> **INFORMATION PROVIDED**:
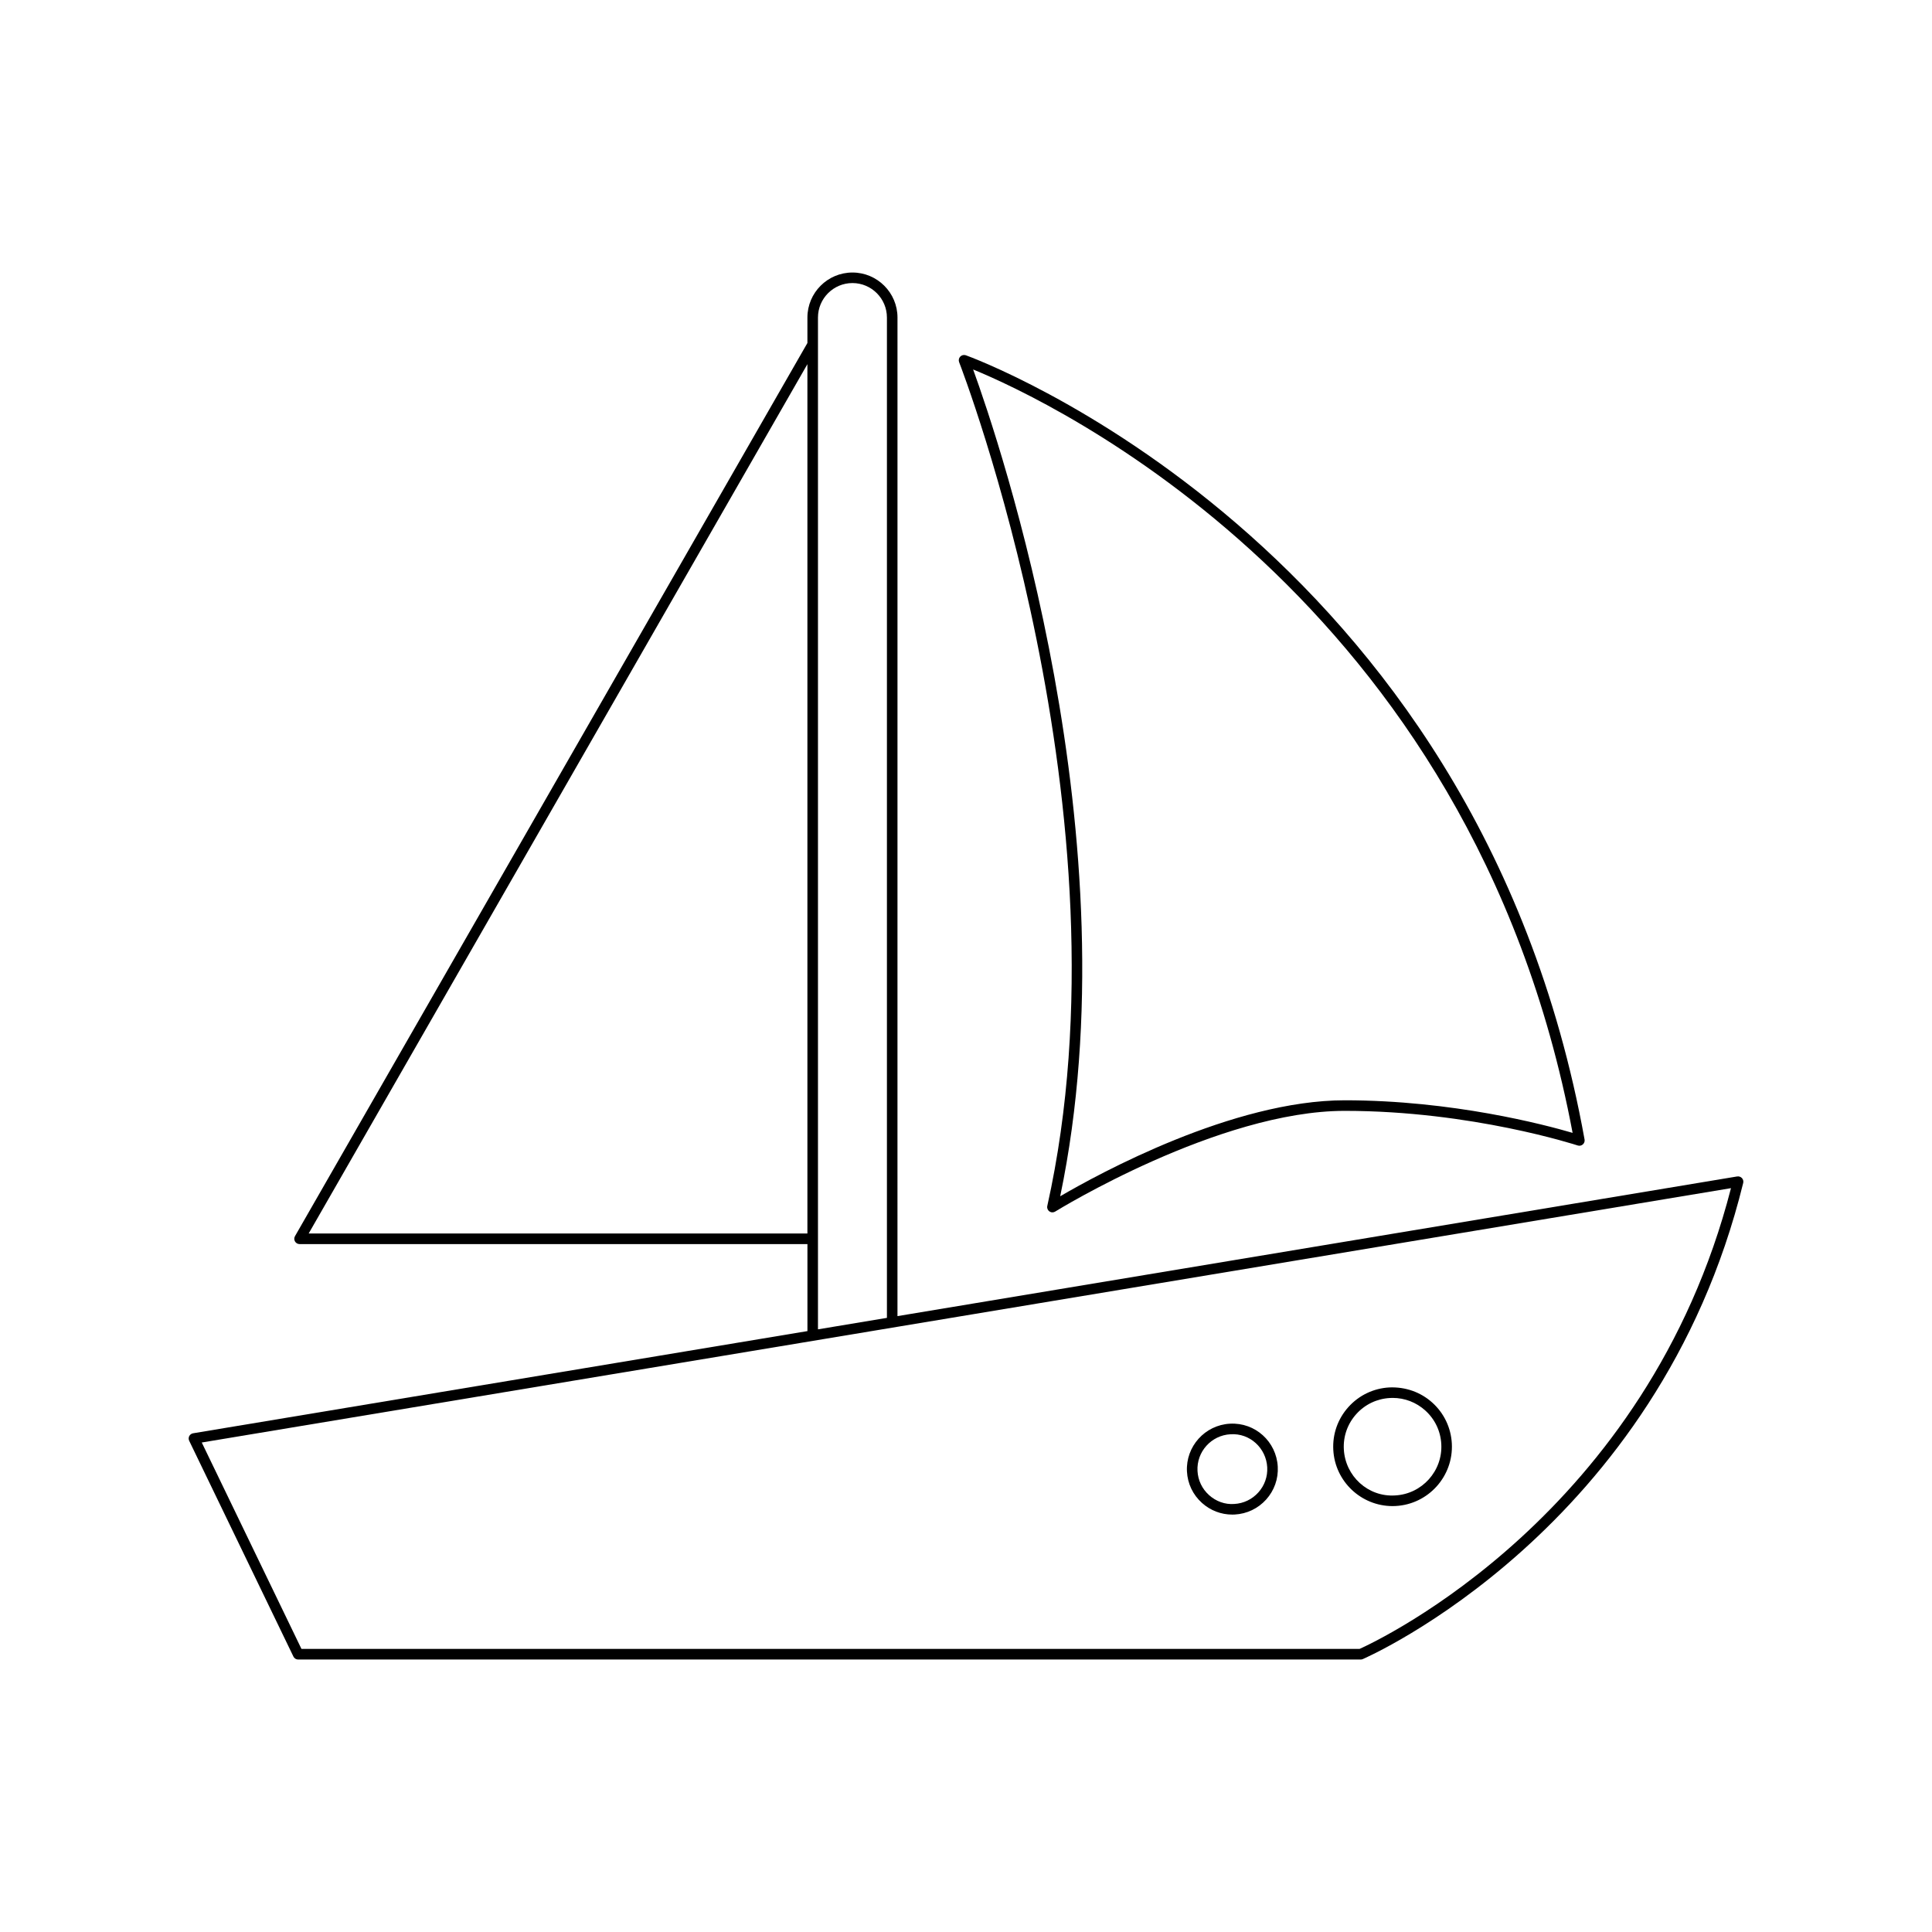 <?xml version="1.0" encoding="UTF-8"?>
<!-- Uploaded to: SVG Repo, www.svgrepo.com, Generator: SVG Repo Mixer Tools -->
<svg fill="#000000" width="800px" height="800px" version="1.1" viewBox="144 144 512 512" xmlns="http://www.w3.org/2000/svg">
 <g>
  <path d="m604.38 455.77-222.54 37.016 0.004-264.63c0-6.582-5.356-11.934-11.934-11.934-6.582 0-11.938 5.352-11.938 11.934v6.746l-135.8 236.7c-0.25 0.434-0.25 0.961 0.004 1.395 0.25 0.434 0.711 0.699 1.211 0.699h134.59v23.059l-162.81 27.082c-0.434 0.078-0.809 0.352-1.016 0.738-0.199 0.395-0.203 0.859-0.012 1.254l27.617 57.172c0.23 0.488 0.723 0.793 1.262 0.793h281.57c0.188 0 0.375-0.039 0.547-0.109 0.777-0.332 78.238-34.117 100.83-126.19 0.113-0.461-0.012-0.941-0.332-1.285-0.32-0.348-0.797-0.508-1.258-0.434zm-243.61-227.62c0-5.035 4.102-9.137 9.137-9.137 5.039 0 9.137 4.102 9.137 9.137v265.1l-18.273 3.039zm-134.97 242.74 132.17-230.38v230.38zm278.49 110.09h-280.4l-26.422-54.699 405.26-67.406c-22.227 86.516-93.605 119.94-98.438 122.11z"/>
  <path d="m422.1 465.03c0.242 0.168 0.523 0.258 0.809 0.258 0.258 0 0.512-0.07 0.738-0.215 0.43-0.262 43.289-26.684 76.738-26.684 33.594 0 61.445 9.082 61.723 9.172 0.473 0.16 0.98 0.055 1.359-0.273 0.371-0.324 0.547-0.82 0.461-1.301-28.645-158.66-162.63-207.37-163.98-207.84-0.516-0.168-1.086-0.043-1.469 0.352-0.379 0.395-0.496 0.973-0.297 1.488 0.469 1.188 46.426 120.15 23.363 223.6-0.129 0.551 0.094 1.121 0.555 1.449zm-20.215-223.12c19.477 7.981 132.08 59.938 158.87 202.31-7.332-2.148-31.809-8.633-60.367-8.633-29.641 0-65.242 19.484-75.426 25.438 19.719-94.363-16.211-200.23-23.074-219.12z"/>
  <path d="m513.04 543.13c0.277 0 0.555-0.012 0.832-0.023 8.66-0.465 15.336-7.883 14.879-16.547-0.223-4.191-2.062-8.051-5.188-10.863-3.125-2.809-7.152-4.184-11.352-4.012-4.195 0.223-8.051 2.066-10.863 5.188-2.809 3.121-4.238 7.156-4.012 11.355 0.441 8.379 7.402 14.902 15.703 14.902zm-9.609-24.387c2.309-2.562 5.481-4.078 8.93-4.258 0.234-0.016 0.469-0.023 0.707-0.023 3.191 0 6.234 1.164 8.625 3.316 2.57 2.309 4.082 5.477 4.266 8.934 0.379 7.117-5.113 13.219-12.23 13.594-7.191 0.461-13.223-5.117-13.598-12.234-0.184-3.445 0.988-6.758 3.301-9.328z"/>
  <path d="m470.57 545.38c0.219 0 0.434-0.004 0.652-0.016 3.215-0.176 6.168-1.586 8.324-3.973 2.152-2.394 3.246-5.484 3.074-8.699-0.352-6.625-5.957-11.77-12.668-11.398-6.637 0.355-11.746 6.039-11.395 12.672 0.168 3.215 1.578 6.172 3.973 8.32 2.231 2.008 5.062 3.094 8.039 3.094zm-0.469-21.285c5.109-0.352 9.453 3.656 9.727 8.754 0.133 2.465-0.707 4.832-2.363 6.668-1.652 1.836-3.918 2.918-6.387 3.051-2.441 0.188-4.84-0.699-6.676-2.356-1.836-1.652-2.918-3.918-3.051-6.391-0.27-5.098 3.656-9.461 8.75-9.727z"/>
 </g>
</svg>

> **WHAT THE TASK ASKS**:
Return an exact transcription of the entries above, excluding each image.

> **ANSWER TO THIS EXERCISE**:
 <?xml version="1.0" encoding="UTF-8"?>
<!-- Uploaded to: SVG Repo, www.svgrepo.com, Generator: SVG Repo Mixer Tools -->
<svg fill="#000000" width="800px" height="800px" version="1.1" viewBox="144 144 512 512" xmlns="http://www.w3.org/2000/svg">
 <g>
  <path d="m604.38 455.77-222.54 37.016 0.004-264.63c0-6.582-5.356-11.934-11.934-11.934-6.582 0-11.938 5.352-11.938 11.934v6.746l-135.8 236.7c-0.25 0.434-0.25 0.961 0.004 1.395 0.25 0.434 0.711 0.699 1.211 0.699h134.59v23.059l-162.81 27.082c-0.434 0.078-0.809 0.352-1.016 0.738-0.199 0.395-0.203 0.859-0.012 1.254l27.617 57.172c0.23 0.488 0.723 0.793 1.262 0.793h281.57c0.188 0 0.375-0.039 0.547-0.109 0.777-0.332 78.238-34.117 100.83-126.19 0.113-0.461-0.012-0.941-0.332-1.285-0.32-0.348-0.797-0.508-1.258-0.434zm-243.61-227.62c0-5.035 4.102-9.137 9.137-9.137 5.039 0 9.137 4.102 9.137 9.137v265.1l-18.273 3.039zm-134.97 242.74 132.17-230.38v230.38zm278.49 110.09h-280.4l-26.422-54.699 405.26-67.406c-22.227 86.516-93.605 119.94-98.438 122.11z"/>
  <path d="m422.1 465.03c0.242 0.168 0.523 0.258 0.809 0.258 0.258 0 0.512-0.07 0.738-0.215 0.43-0.262 43.289-26.684 76.738-26.684 33.594 0 61.445 9.082 61.723 9.172 0.473 0.16 0.98 0.055 1.359-0.273 0.371-0.324 0.547-0.82 0.461-1.301-28.645-158.66-162.63-207.37-163.98-207.84-0.516-0.168-1.086-0.043-1.469 0.352-0.379 0.395-0.496 0.973-0.297 1.488 0.469 1.188 46.426 120.15 23.363 223.6-0.129 0.551 0.094 1.121 0.555 1.449zm-20.215-223.12c19.477 7.981 132.08 59.938 158.87 202.31-7.332-2.148-31.809-8.633-60.367-8.633-29.641 0-65.242 19.484-75.426 25.438 19.719-94.363-16.211-200.23-23.074-219.12z"/>
  <path d="m513.04 543.13c0.277 0 0.555-0.012 0.832-0.023 8.66-0.465 15.336-7.883 14.879-16.547-0.223-4.191-2.062-8.051-5.188-10.863-3.125-2.809-7.152-4.184-11.352-4.012-4.195 0.223-8.051 2.066-10.863 5.188-2.809 3.121-4.238 7.156-4.012 11.355 0.441 8.379 7.402 14.902 15.703 14.902zm-9.609-24.387c2.309-2.562 5.481-4.078 8.93-4.258 0.234-0.016 0.469-0.023 0.707-0.023 3.191 0 6.234 1.164 8.625 3.316 2.57 2.309 4.082 5.477 4.266 8.934 0.379 7.117-5.113 13.219-12.23 13.594-7.191 0.461-13.223-5.117-13.598-12.234-0.184-3.445 0.988-6.758 3.301-9.328z"/>
  <path d="m470.57 545.38c0.219 0 0.434-0.004 0.652-0.016 3.215-0.176 6.168-1.586 8.324-3.973 2.152-2.394 3.246-5.484 3.074-8.699-0.352-6.625-5.957-11.77-12.668-11.398-6.637 0.355-11.746 6.039-11.395 12.672 0.168 3.215 1.578 6.172 3.973 8.32 2.231 2.008 5.062 3.094 8.039 3.094zm-0.469-21.285c5.109-0.352 9.453 3.656 9.727 8.754 0.133 2.465-0.707 4.832-2.363 6.668-1.652 1.836-3.918 2.918-6.387 3.051-2.441 0.188-4.84-0.699-6.676-2.356-1.836-1.652-2.918-3.918-3.051-6.391-0.27-5.098 3.656-9.461 8.75-9.727z"/>
 </g>
</svg>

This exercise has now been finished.